Brady Duga: reviewing what the spec actually says.

Wendy Reid: so the spec actually doesn’t make a reference to “well formedness”, only “valid”.

Marisa DeMeglio: reviewing Matt’s comments on this issue.
… reviewing the epubcheck codebase, there are checks for both MUST assertions and SHOULD assertions.
… so I think Garth_ is right about the epubcheck warning.
… so if we change the spec to say SHOULD, epubcheck would be expected to throw a warning, not an error; but really it doesn’t change the amount of work required for epubcheck, so even a SHOULD could be unrealistic..

Wendy Reid: as opposed to the current behaviour, where it throws an error only if dc:language is missing completely.
… and does nothing otherwise.

Ben Schroeter: we should clarify what Matt is advocating here: either 1) downgrading from MUST to SHOULD, or 2) removing it completely.

Wendy Reid: I think we should give authors something to work with, rather than being silent, but maybe Matt should come up with the specific revision to the spec.

2. Missing conformance criteria around item properties.

See github issue #1422.

Wendy Reid: essentially, the content side of the spec says that authors must set the scripted property on items, but there’s no equivalent language in the RS side of the spec.
… no prescribed behaviour for what RS should do if the property is missing.
… applies to other properties, but scripting is a good example of this discrepancy.
… can either leave the RS spec as is, or we can add some language to prescribe behaviour if this is important.

Garth Conboy: in another discussion, about I believe MathML, I think we ended up saying that these properties are useful to RS, but not something they can absolutely rely on.

Wendy Reid: there was a suggestion in the issue that if the property is absent, the RS could in theory choose not to enable the script, but this goes against the expectations of authors is seems counter productive.

Brady Duga: i can see how RS could use the presence or absence of these properties to modify RS behaviour.
… it is not trivial to ask an RS to just look at a document and determine for itself whether it has scripts or not.
… so that’s a point in favor of leaving it.

Ben Schroeter: reviewing the differing positions as presented in the issue.
… i think the rub is whether we should require the authoring requirements have a 1-to-1 correspondence to the RS requirements.
… and i don’t think we’ve done that.

Wendy Reid: leaning towards leaving it as is.
… with the proviso that we can come back to this after we have the larger discussion about scripting.

Proposed resolution: Close #1422, leaving the language in the content document as is. (Wendy Reid)

Shinya Takami (高見真也): +1 to leave it as is.

Ben Schroeter: +1.

Garth Conboy: +1.

Ben Schroeter: +1.

Brady Duga: +1.

Matthew Chan: +1.

Toshiaki Koike: +1.

Shinya Takami (高見真也): +1.

Wendy Reid: +1.

Masakazu Kitahara: +1.

Resolution #1: Close #1422, leaving the language in the content document as is.
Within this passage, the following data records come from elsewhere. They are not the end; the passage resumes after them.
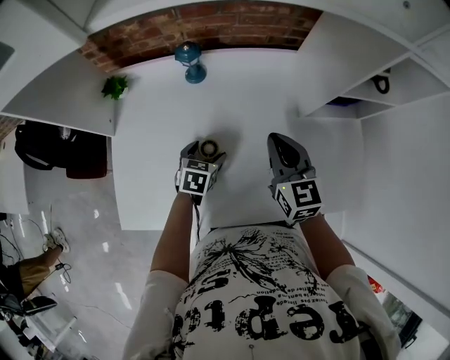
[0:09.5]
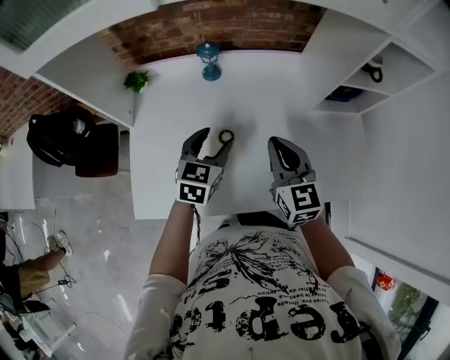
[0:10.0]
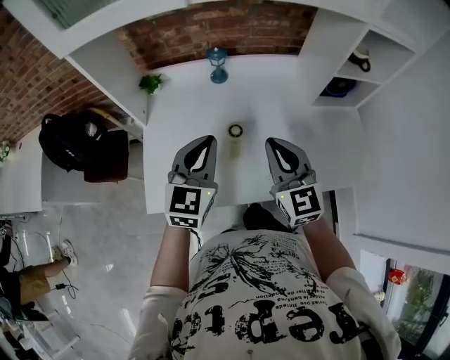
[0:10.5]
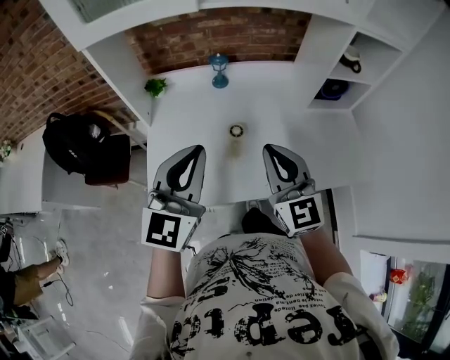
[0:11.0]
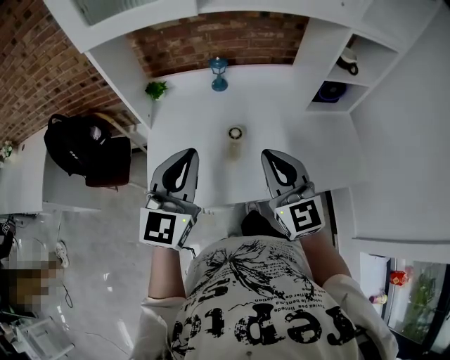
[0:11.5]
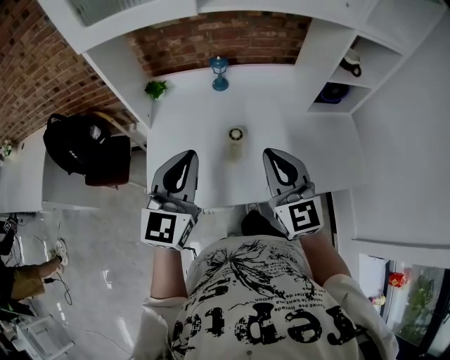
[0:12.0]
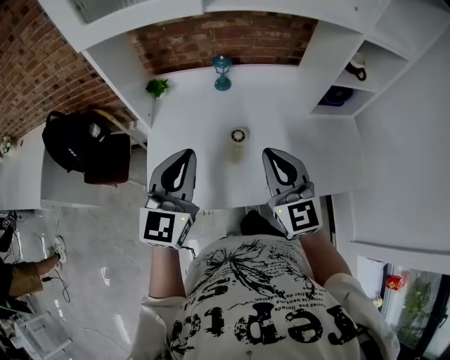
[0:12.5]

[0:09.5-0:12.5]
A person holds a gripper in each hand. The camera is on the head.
0:09.5 to 0:11.0: The left gripper is displaced upward and backward by roughly 40 cm, tilts its fingers roughly 50 degrees upward, and closes up, while the right gripper is displaced backward, upward and to the left by roughly 30 cm, and turns by about 20 degrees.
0:11.0 to 0:12.5: The left gripper changes place by some 5 cm.

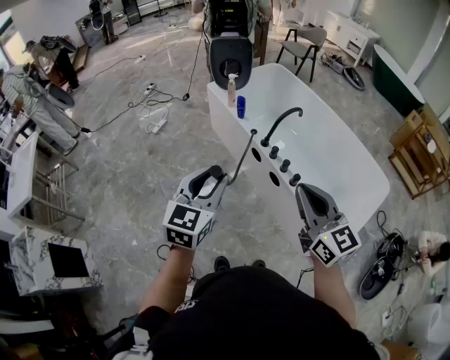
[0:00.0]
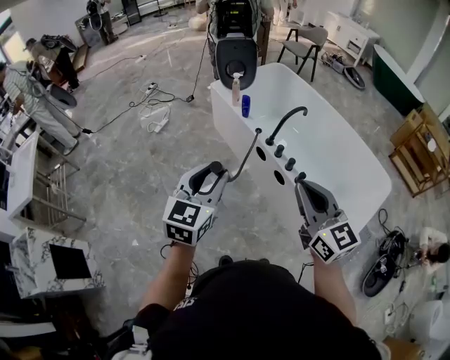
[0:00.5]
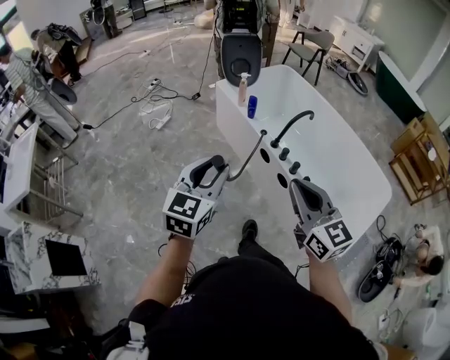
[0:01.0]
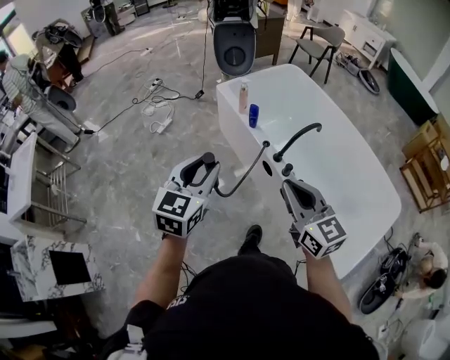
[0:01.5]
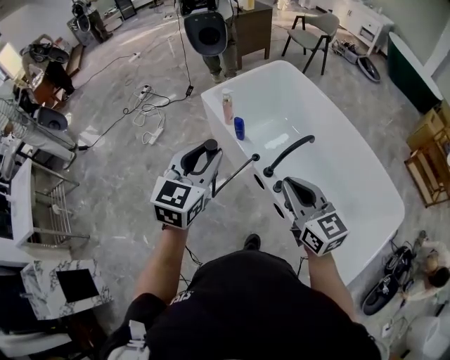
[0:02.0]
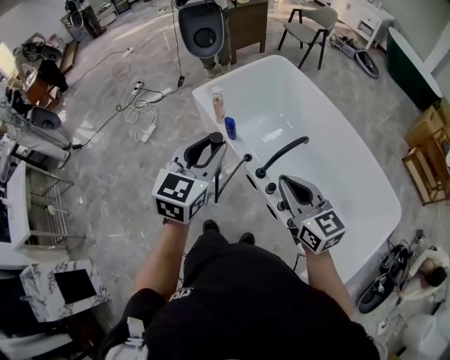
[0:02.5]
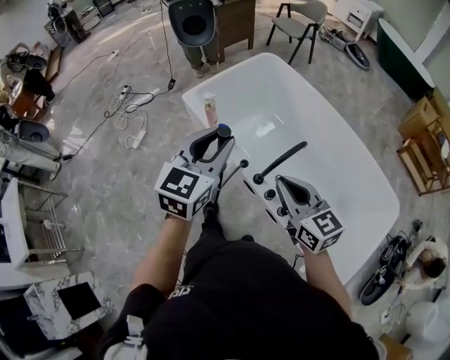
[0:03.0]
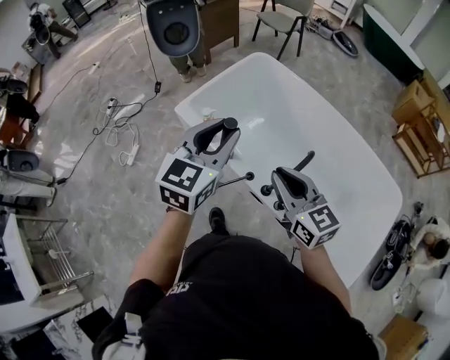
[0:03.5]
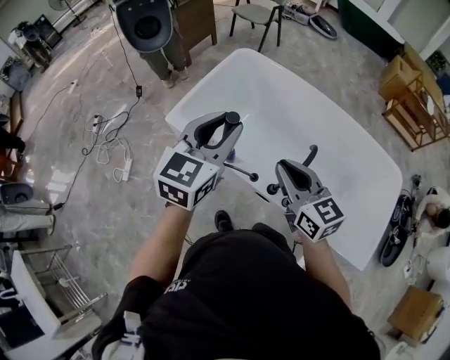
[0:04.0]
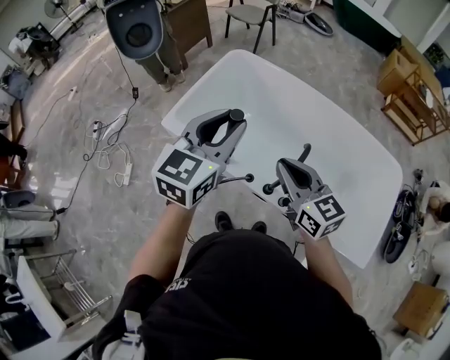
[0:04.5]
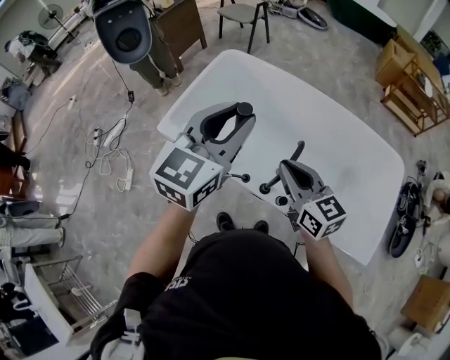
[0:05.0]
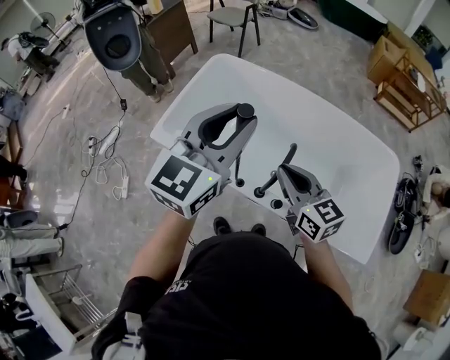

3. The default value of rendition:flow.

See github issue #1313.

Wendy Reid: this came up during testing.
rendition:flow is a property by which an author can determine if pagination style is scrolled, paginated, or auto.
… if the RS supports it.
… the issue is that the spec says that the default value is auto, and that the RS may choose to support only the default.
… since auto means that its basically the RS’s choice, does this make the assertion untestable?.

Brady Duga: i think this is solved by saying that the default is auto, period..
… with the understanding that if authors are not explicit, then they get default functionality.

Wendy Reid: to clarify, W3C says any time we make a MUST statement, the assertion must be accompanied by a test.
… or, the statement shouldn’t be MUST.
… if this results in something untestable, we’re going to run into issues later.

Ben Schroeter: or change MUST to SHOULD?.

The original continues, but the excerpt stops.